The school enrolls students from grades 9-12. The school was founded in 1991 and became one of the five Durham Public High Schools.

==History==
Riverside High School opened in 1991 (the first class graduated in 1993) and currently enrolls approximately 1,900 students. It is one of five public high schools in the Durham Public School System. The school offers classes on a block schedule on a semester basis, with students taking 4 classes—generally 2 core and 2 elective—each semester. Riverside is an accredited school and is also home to the Durham Public Schools' engineering program, which uses the national Project Lead the Way curriculum.
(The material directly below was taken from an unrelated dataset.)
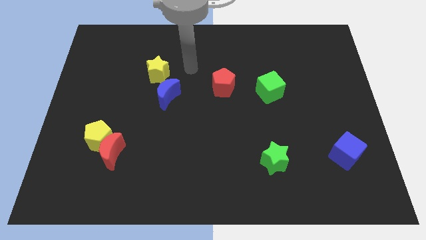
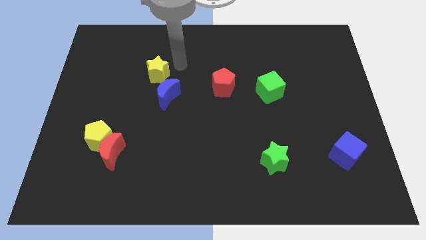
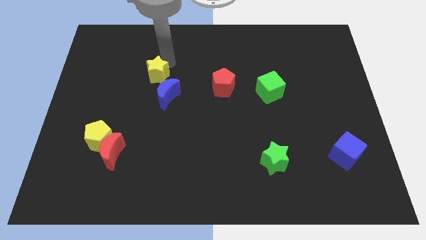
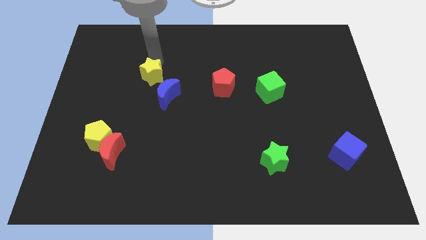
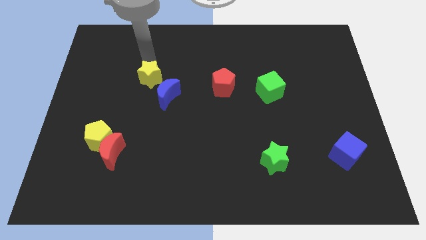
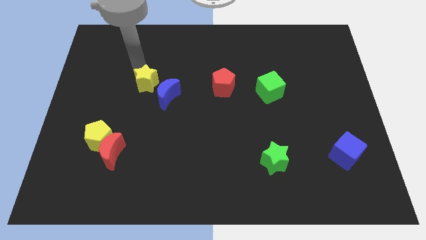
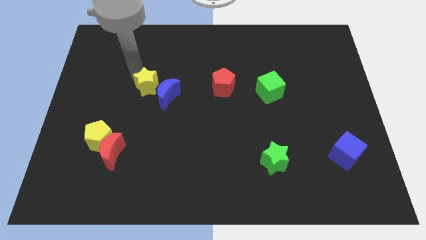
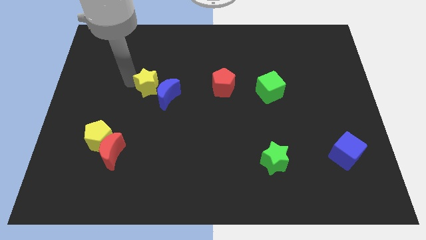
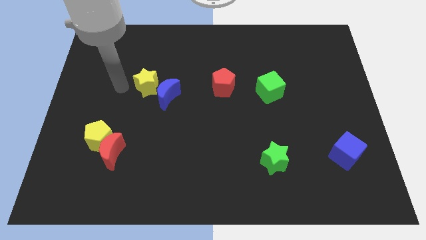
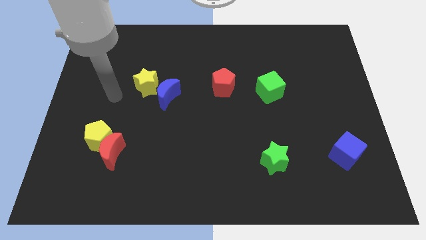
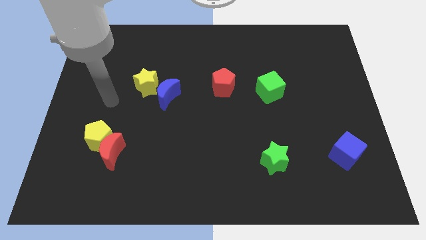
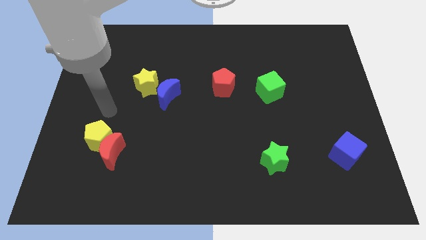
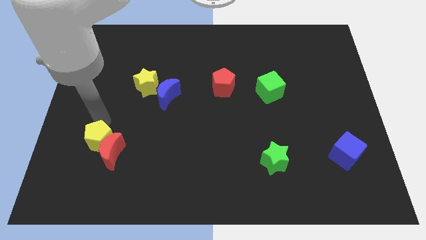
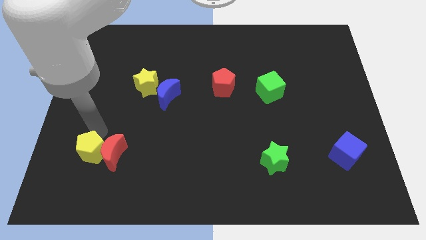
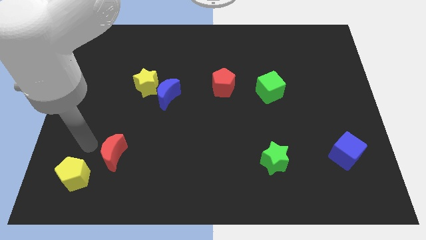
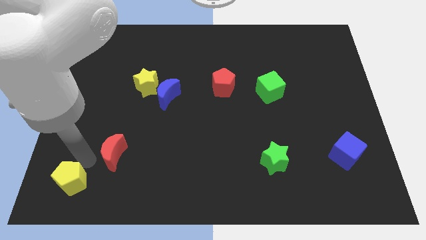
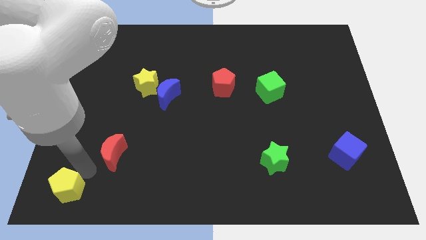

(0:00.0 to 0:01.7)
move the red moon away from the yellow pentagon

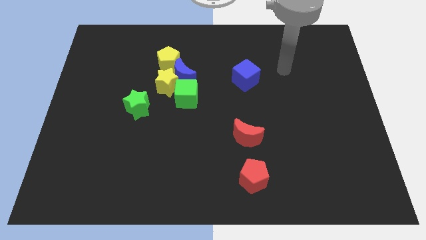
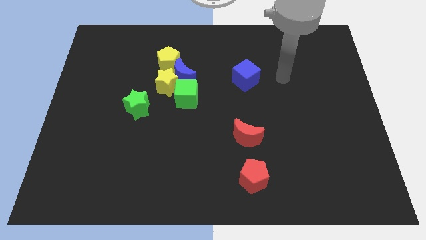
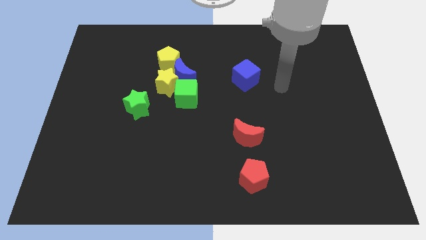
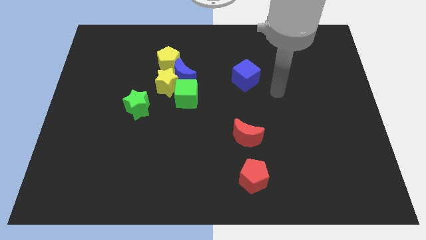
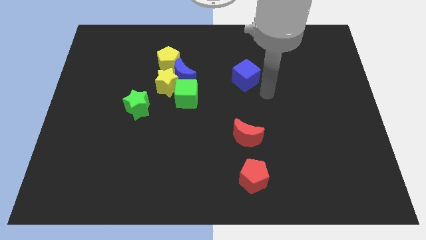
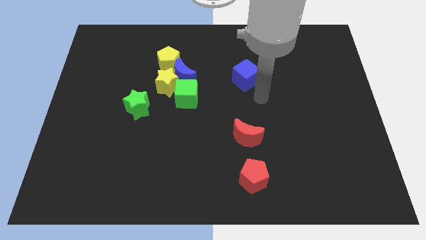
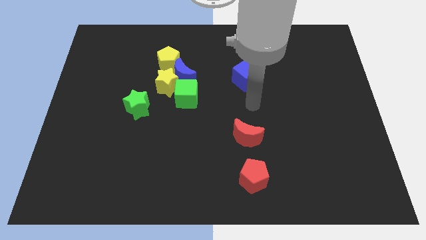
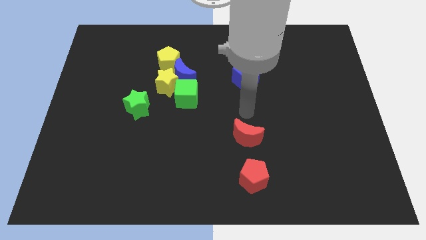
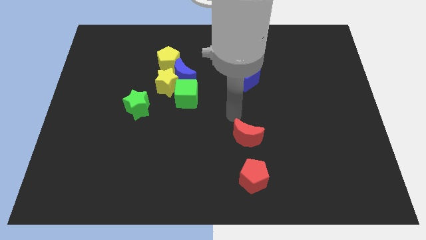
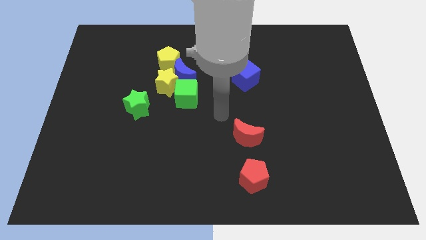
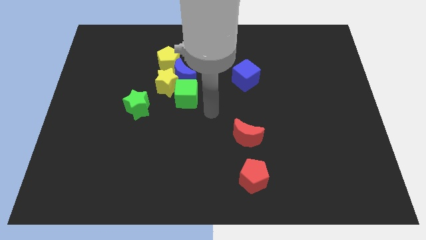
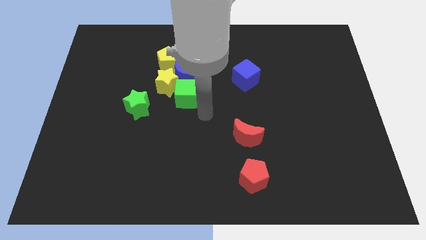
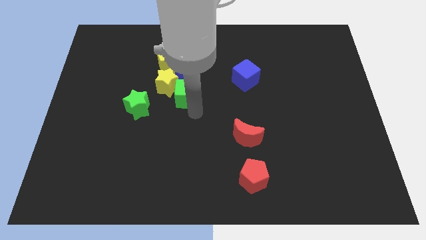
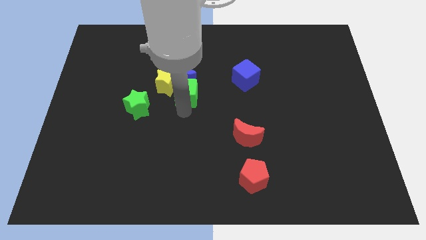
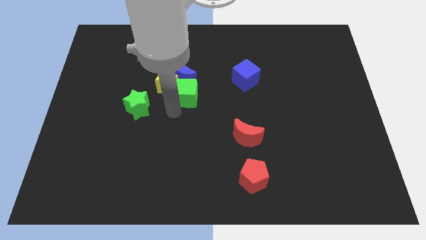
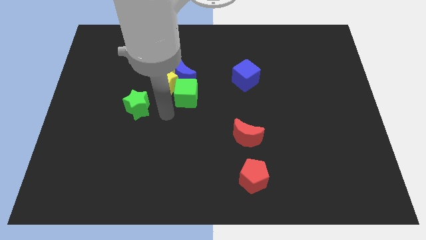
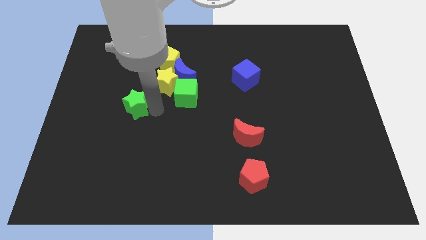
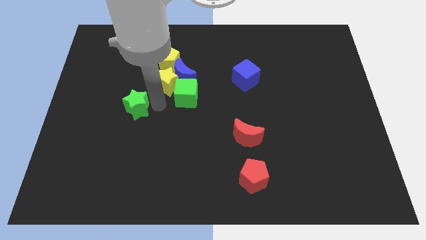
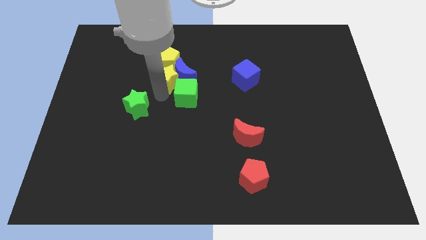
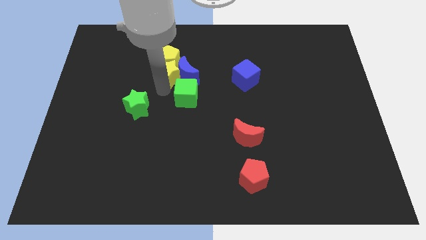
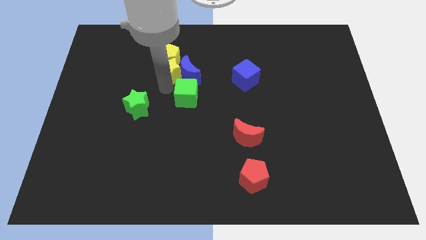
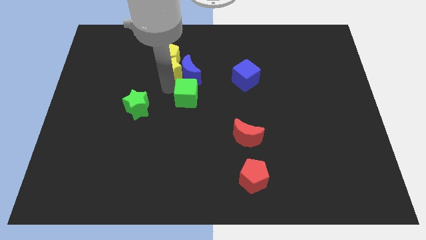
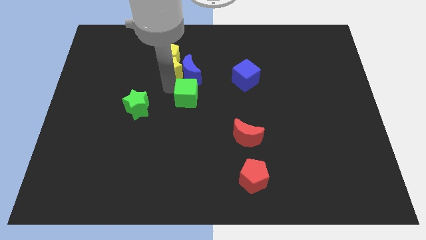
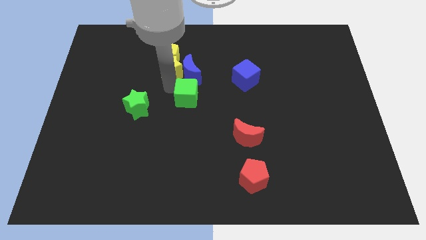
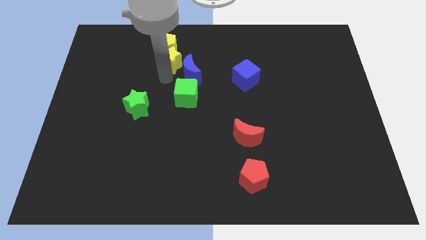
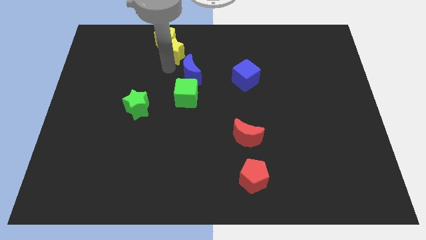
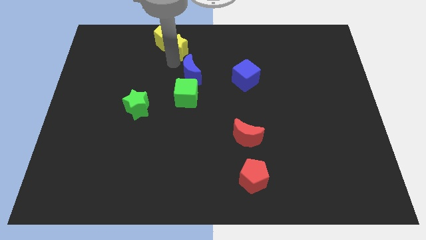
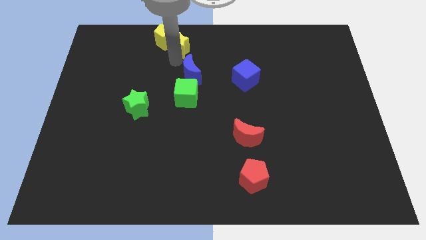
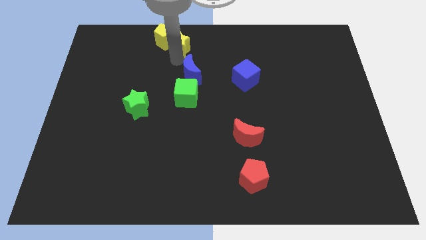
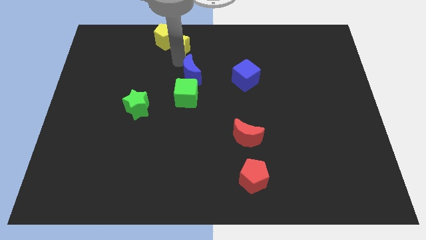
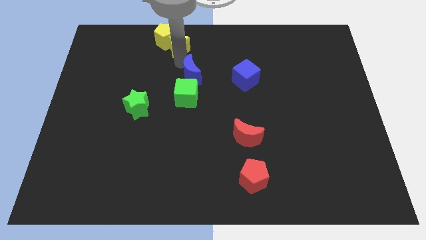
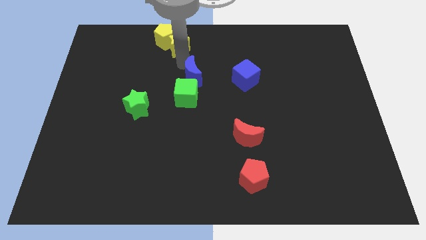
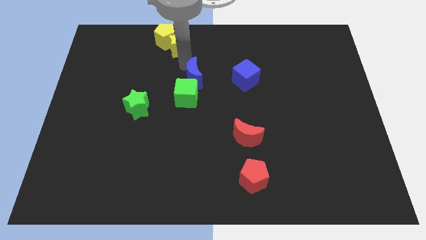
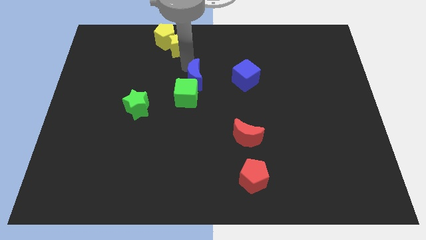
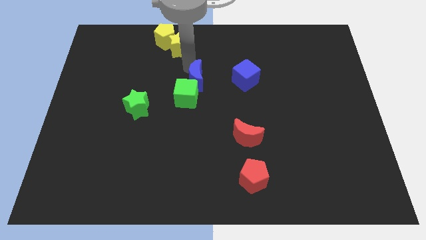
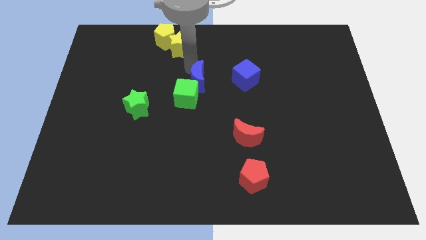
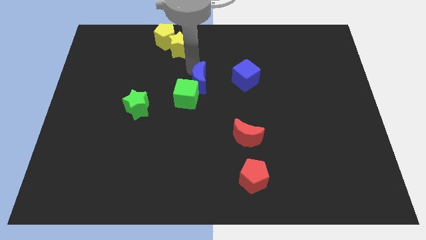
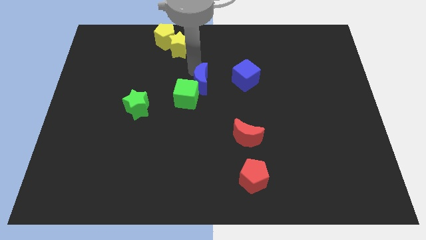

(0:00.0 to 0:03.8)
separate the blue moon from the yellow star, green cube, and yellow pentagon

This offers a variety of engineering classes to the students enrolled in the program with AP level weighting.

Riverside's sixteen sports teams are part of the PAC-6 Conference, which includes schools in Durham County and the neighboring counties of Orange and Person.

In 2017 the principal, Tonya Williams, proposed a "SMART Lunch" program where there is a single lunch period that is one hour long and students are free to attend certain clubs, replacing the former scheme where students are assigned to one of three lunch slots at different times in the school day. It was enacted in the fall of 2019. In summer 2023 Dr. Gloria Wood-Weeks after much deliberation with her administrative team and staff, rebranded Smart Lunch to become Pirate Block. The rationale of the rebranding is to provide more structure to all students and still allow them to participate in clubs as well as receive tutoring in classes. It features two lunch periods and highlights a different class period each day to allow an opportunity for each student to receive support in that class.

During Pirate Block, students report to the featured class for that day. Attendance is taken and students are dismissed for lunch, dismissed to a club they have joined, or they begin with receiving tutoring from their teacher. While half the student body is at lunch the other half is participating in Pirate Block activities. The days are as follows: on Mondays first period is the featured class for Prate Block on Tuesdays and Wednesdays is second period, on Thursdays is third period, and on Fridays is fourth period. Pirate Block was enacted Fall 2023. In the fall of 2025, Riverside decided to transition to a traditional, A, B, and C lunch schedule to address concerns about student accountability. This change aligns Riverside with other high schools in Durham Public Schools.

==Achievements==

In 2007, Riverside was ranked as the 834th high school in America by Newsweek.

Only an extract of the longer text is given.